MATERIAL PROVIDED |

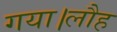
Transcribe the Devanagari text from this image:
गया।लौह
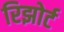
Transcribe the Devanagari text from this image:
रिझोर्ट
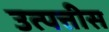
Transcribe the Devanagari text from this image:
उत्पत्तीस
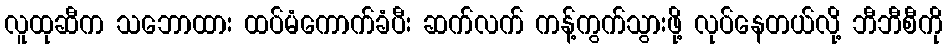
လူထုဆီက သဘောထား ထပ်မံကောက်ခံပီး ဆက်လက် ကန့်ကွက်သွားဖို့ လုပ်နေတယ်လို့ ဘီဘီစီကို
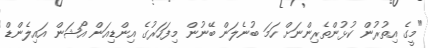
"މީގެ އިތުރުން ކުޅުންތެރިންނަށް ހަމަ ބުނެލަން ބޭނުން މިފަހަރުގެ އިންޑިއަން އޯޝަން އައިލެންޑް
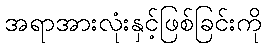
အရာအားလုံးနှင့်ဖြစ်ခြင်းကို
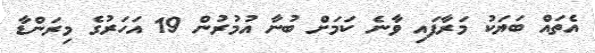
އެތައް ބަޔަކު މަރާފައި ވާނެ ކަމަށް ބުނާ އުމުރުން 19 އަހަރުގެ މިރަންޑާ
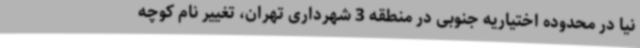
نیا در محدوده اختیاریه جنوبی در منطقه 3 شهرداری تهران، تغییر نام کوچه
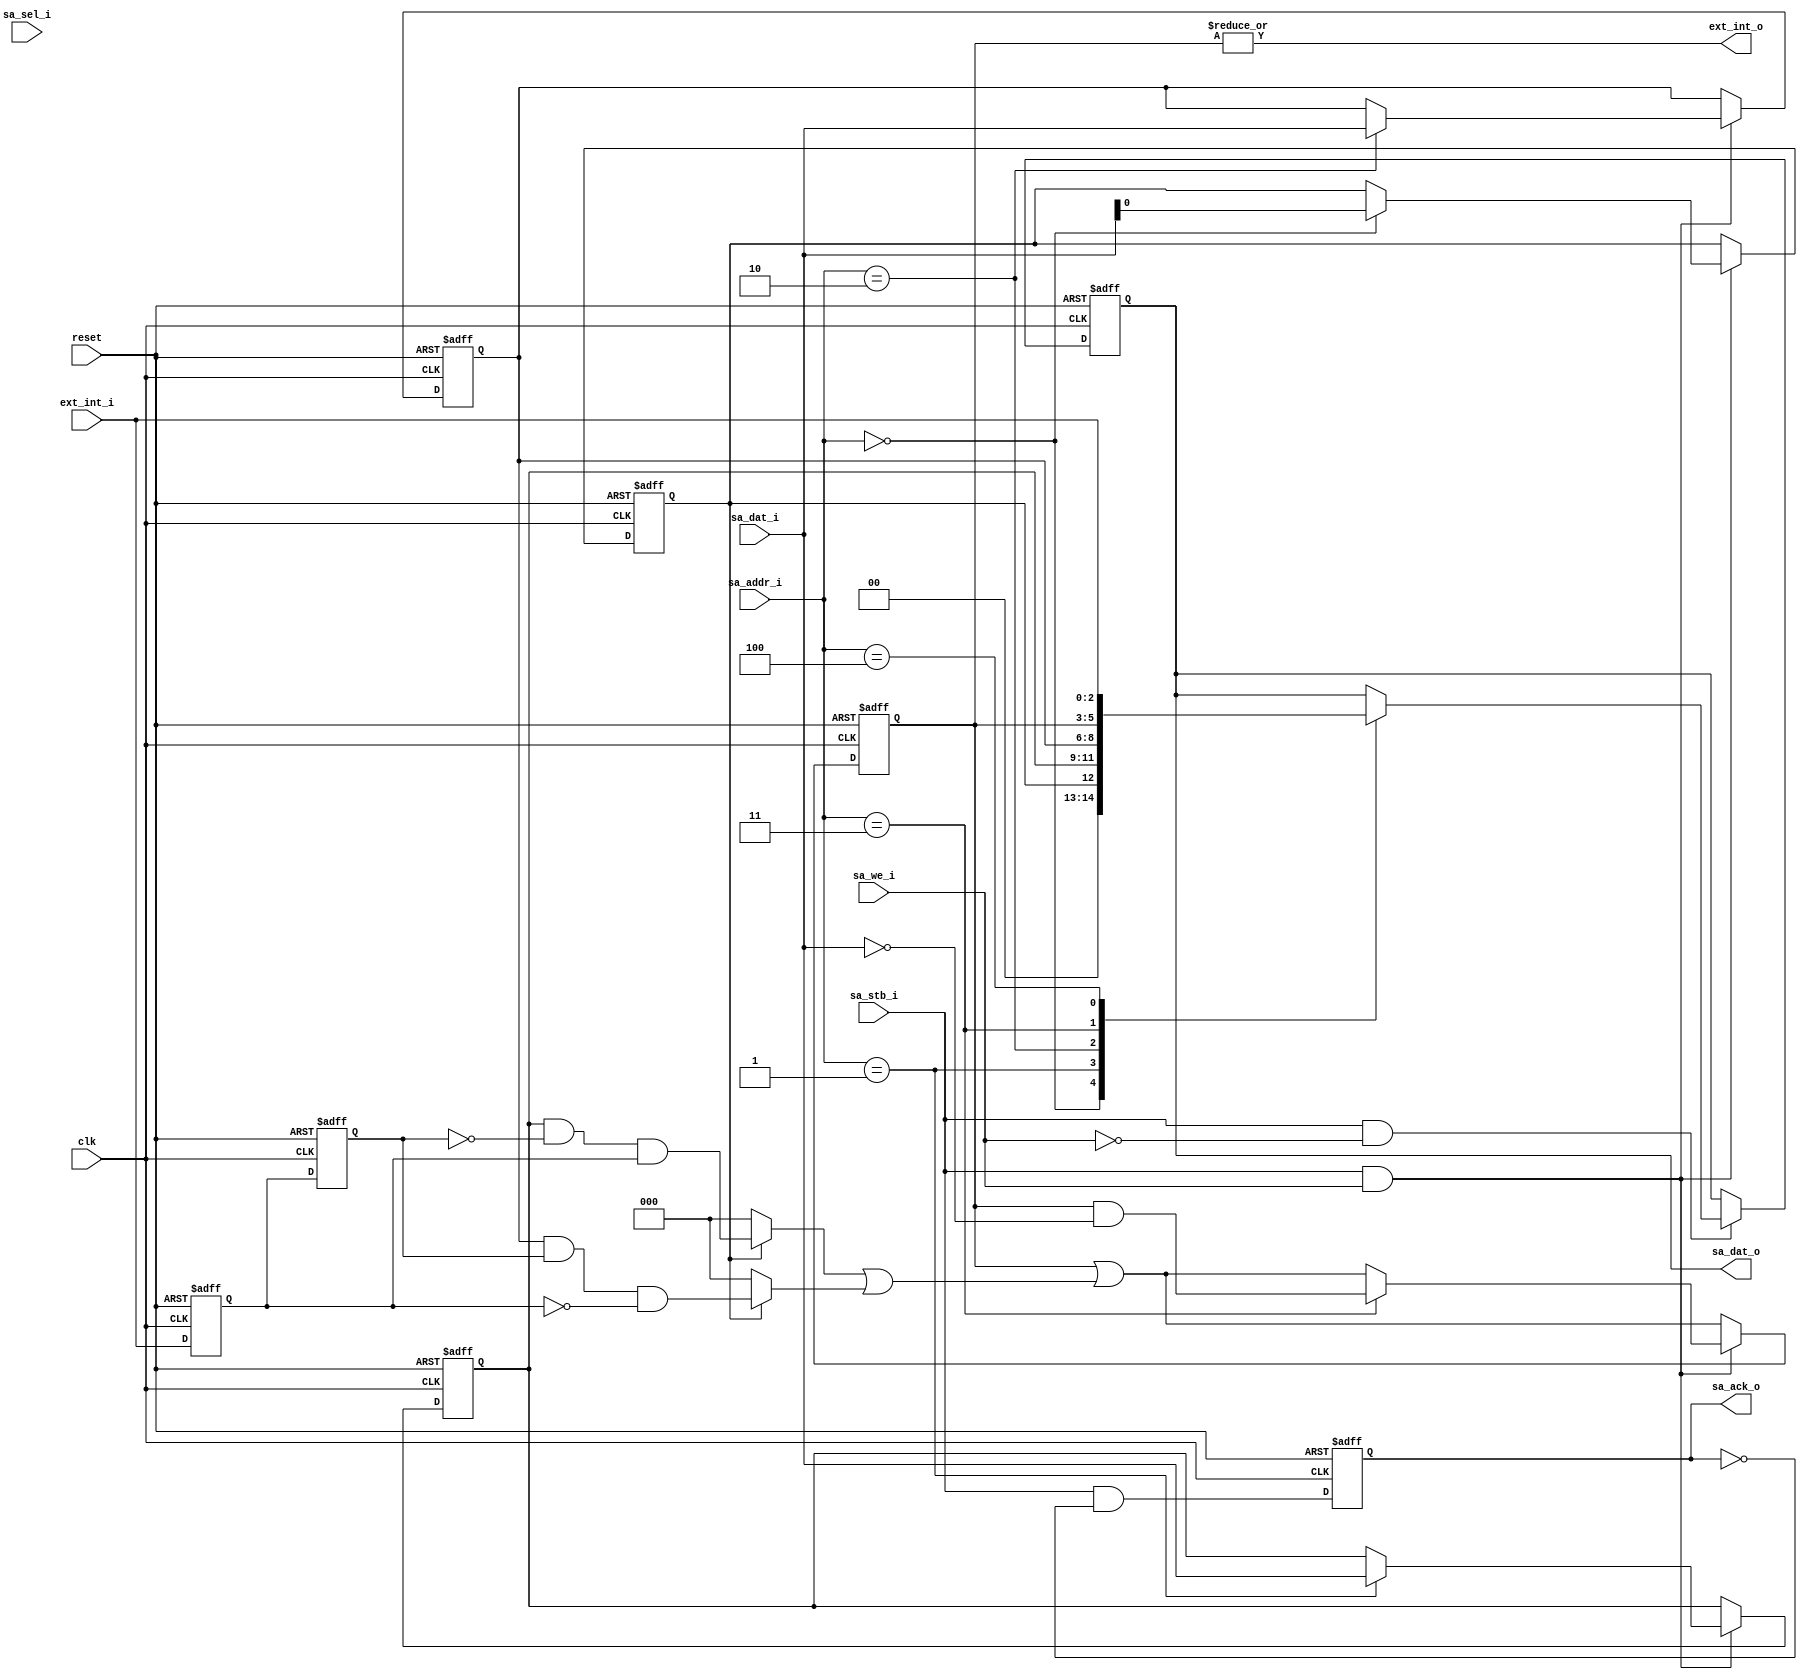
module ext_int #(
	parameter EXT_INT_NUM	=	3,//max 32
	parameter ADDR_WIDTH		=	3,
	parameter SEL_WIDTH		=	4,
	parameter DATA_WIDTH		=	EXT_INT_NUM

)(
	input 										clk,
	input											reset,
	//wishbone bus interface
	input		[DATA_WIDTH-1		:	0]		sa_dat_i,
	input		[SEL_WIDTH-1		:	0]		sa_sel_i,
	input		[ADDR_WIDTH-1		:	0]		sa_addr_i,	
	input											sa_stb_i,
	input											sa_we_i,
	output	[DATA_WIDTH-1		:	0]		sa_dat_o,
	output 	reg								sa_ack_o,
	//interrupt ports
	input 	[EXT_INT_NUM-1		:	0]		ext_int_i,  
	output										ext_int_o //output to the interrupt controller
	
);

//interrupt registers							
	
	localparam	[ADDR_WIDTH-1		:	0]		GER_REG_ADDR			=	0;
	localparam	[ADDR_WIDTH-1		:	0]		IER_RISING_REG_ADDR	=	1;
	localparam	[ADDR_WIDTH-1		:	0]		IER_FALLING_REG_ADDR	=	2;
	localparam	[ADDR_WIDTH-1		:	0]		ISR_REG_ADDR			=	3;
	localparam	[ADDR_WIDTH-1		:	0]		PIN_REG_ADDR			=	4;
	
		
	reg										ger,ger_next;
	reg	[EXT_INT_NUM-1			:	0]	ier_rise,ier_fall,isr,read,int_reg1,int_reg2;//2	
	reg	[EXT_INT_NUM-1			:	0]	ier_rise_next,ier_fall_next,isr_next,read_next,int_reg1_next,int_reg2_next;
	
	wire 	[EXT_INT_NUM-1			:	0]	triggered,rise_edge,fall_edge;
	
	assign rise_edge = (ger)? 	ier_rise & ~int_reg2	& int_reg1	:	{EXT_INT_NUM{1'b0}};
	assign fall_edge = (ger)?	ier_fall & int_reg2 	& ~int_reg1	: 	{EXT_INT_NUM{1'b0}};
	
	assign	triggered	=	rise_edge |  fall_edge;
	
	always @ (posedge clk or posedge reset) begin
		if(reset) begin 
			ger		<=	1'b0;
			ier_rise	<= {EXT_INT_NUM{1'b0}};
			ier_fall	<= {EXT_INT_NUM{1'b0}};
			isr		<=	{EXT_INT_NUM{1'b0}};
			read		<=	{EXT_INT_NUM{1'b0}};	
			int_reg1	<=	{EXT_INT_NUM{1'b0}};
			int_reg2	<=	{EXT_INT_NUM{1'b0}};	
			sa_ack_o	<=	1'b0;
			
		end else begin 
			ger		<=	ger_next;
			ier_rise	<= ier_rise_next;
			ier_fall	<=	ier_fall_next;
			isr		<=	isr_next;
			read		<=	read_next;	
			int_reg1	<=	int_reg1_next;
			int_reg2	<=	int_reg2_next;	
			sa_ack_o	<=	 sa_stb_i && ~sa_ack_o;	
		end//			
	end//always
	
	always@(*) begin 
		int_reg2_next 	= int_reg1;
		int_reg1_next 	= ext_int_i;
		ger_next			= ger;
		ier_rise_next	= ier_rise;
		ier_fall_next	= ier_fall;
		isr_next			= isr | triggered; // set isr if the intrrupt is triggered 
		read_next		= read;
		if(sa_stb_i && sa_we_i ) begin 
			if( sa_addr_i 	==	GER_REG_ADDR			)		ger_next			= 	sa_dat_i[0];
			if( sa_addr_i 	== IER_RISING_REG_ADDR 	)		ier_rise_next	=	sa_dat_i[EXT_INT_NUM-1'b1		:	0];
			if( sa_addr_i 	== IER_FALLING_REG_ADDR	)		ier_fall_next	=	sa_dat_i[EXT_INT_NUM-1'b1		:	0];
			if( sa_addr_i 	== ISR_REG_ADDR  			) 		isr_next			=	isr & ~sa_dat_i[EXT_INT_NUM-1'b1		:	0];// reset isr by writting 1
		end
		if(sa_stb_i && ~sa_we_i) begin 
			case(sa_addr_i) 
				GER_REG_ADDR:				read_next	=	{{(EXT_INT_NUM-1){1'b0}},ger};
				IER_RISING_REG_ADDR:		read_next	=	ier_rise;
				IER_FALLING_REG_ADDR:	read_next	=	ier_fall;
				ISR_REG_ADDR:				read_next	=	isr;
				PIN_REG_ADDR:				read_next	=	ext_int_i;
				default						read_next	=	read; 
			endcase
		end
	end//always
				
			
	
	assign sa_dat_o = read;
	assign ext_int_o = |isr;
		
	
endmodule
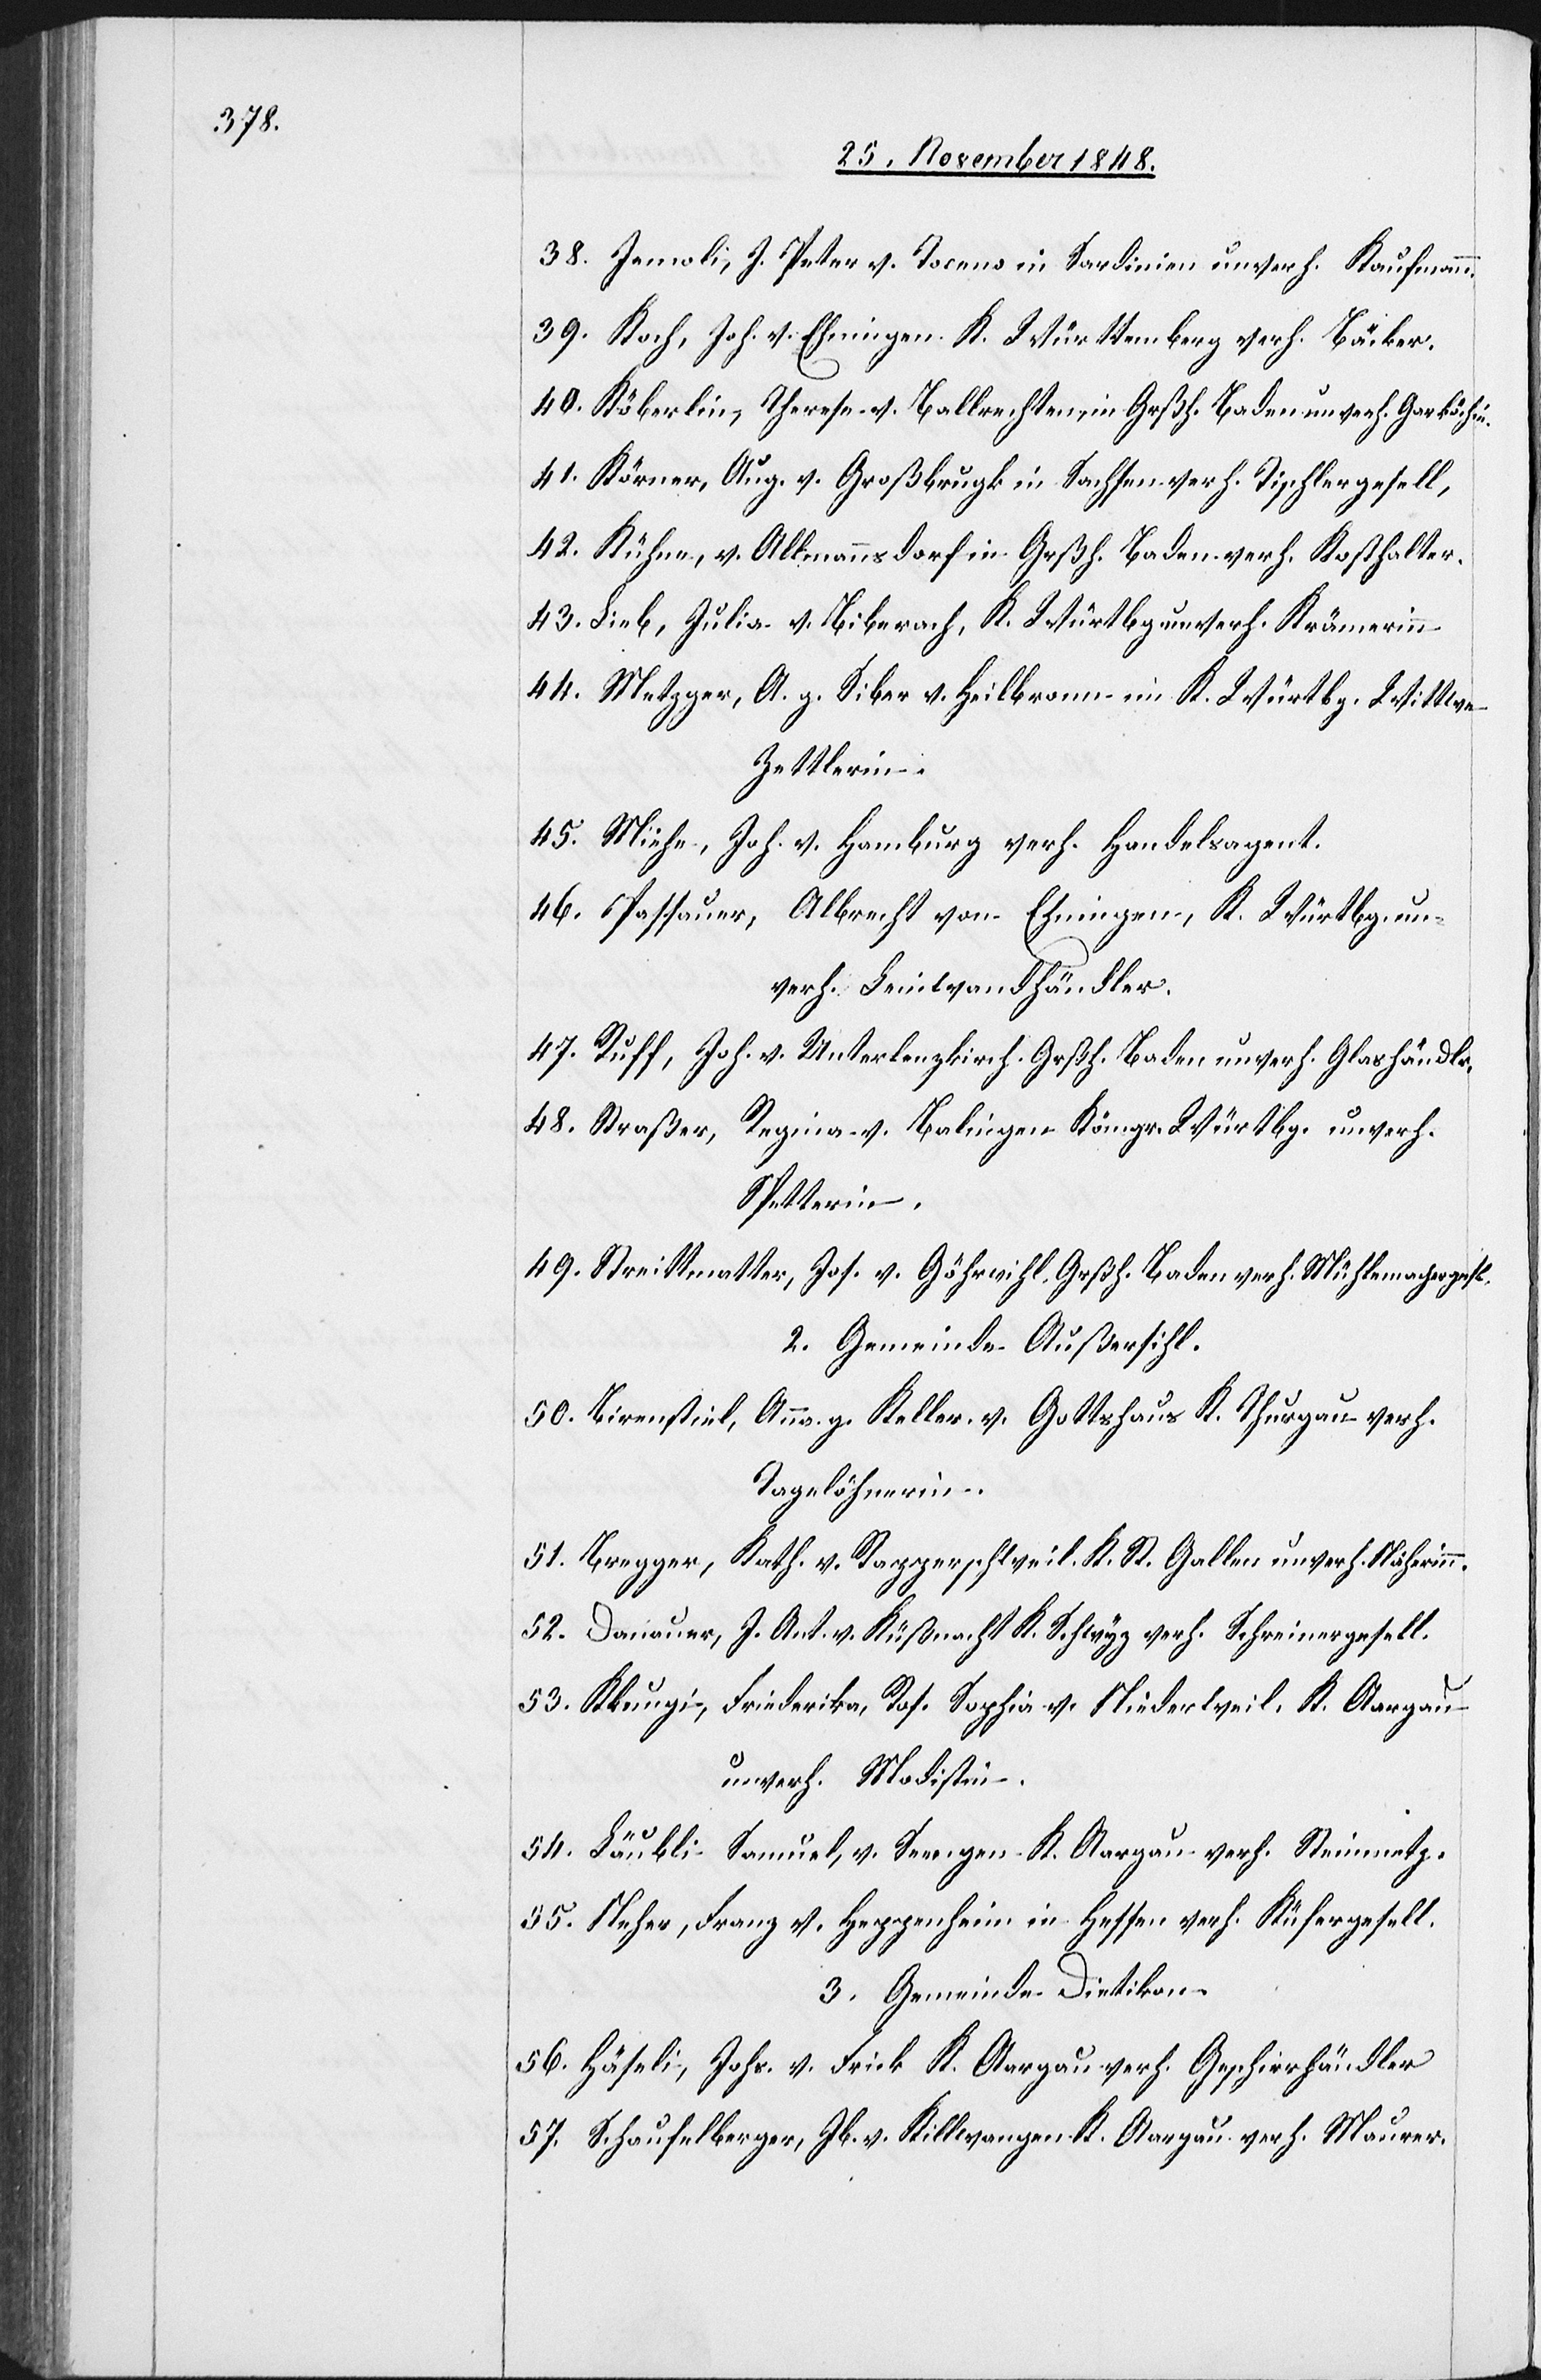
38. Jemoli, J. Peter v. Tocens in Sardinien unverh. Kaufmann.
39. Koch, Joh. v. Ehningen. K. Württemberg verh. Bäcker.
40. Köberlin, Therese v. Ballrechten, in Grßh. Baden unverh. Garköchin.
41. Körner, Aug. v. Großbrugk in Sachsen verh. Tischlergesell,
42. Kühne, v. Allmannsdorf in Grßh. Baden verh. Kosthalter.
43. Lieb, Julia v. Biberach, K. Würtbg unverh. Krämerinn
44. Metzger, A. g. Siber v. Heilbronn im K. Würtbg. Wittwe
Zettlerin.
45. Miehe, Joh. v. Hamburg verh. Handelsagent.
46. Passauer, Albrecht von Ehningen, K. Würtbg. un¬
verh. Leinwandhändler.
47. Ruff, Joh. v. Unterlenzkirch Grßh. Baden unverh. Glashändlr.
48. Straßer, Regina v. Balingen Königr. Würtbg. unverh.
Spetterin.
49. Streittmatter, Jos. v. Göhrwihl. Grßh. Baden verh. Mühlemachergesl.
2. Gemeinde Außersihl.
50. Birenstiel, Anna g. Keller v. Gottshaus K. Thurgau verh.
Tagelöhnerin.
51. Bregger, Kath. v. Rapperschweil K. St. Gallen unverh. Näherinn.
52. Danauer,
J. Ant. v. Küßnacht K. Schwyz verh. Schreinergesell.
53. Kleugi, Friederika, Ros. Sophia v. Niederwiel. K. Aargau
unverh. Modistin.
54. Läubli Samuel, v. Seengen K. Aargau verh. Steinmetz.
55. Neher, Franz v. Heppenheim in Hessen verh. Küfergesell.
3. Gemeinde Dietikon.
56. Häseli, Johs. v. Frick K. Aargau verh. Geschirrhändler
57. Schaufelberger, Jb. v. Killwangen K. Aargau verh. Maurer.

TASK TO COMPLETE |
From the line containing "sa_stb_i && ~sa_ack_o;" down to the line containing "if(sa_stb_i && sa_we_i ) begin" in the material above, reproduce every line exactly, including the two end lines.

RESULT |
			sa_ack_o	<=	 sa_stb_i && ~sa_ack_o;	
		end//			
	end//always
	
	always@(*) begin 
		int_reg2_next 	= int_reg1;
		int_reg1_next 	= ext_int_i;
		ger_next			= ger;
		ier_rise_next	= ier_rise;
		ier_fall_next	= ier_fall;
		isr_next			= isr | triggered; // set isr if the intrrupt is triggered 
		read_next		= read;
		if(sa_stb_i && sa_we_i ) begin 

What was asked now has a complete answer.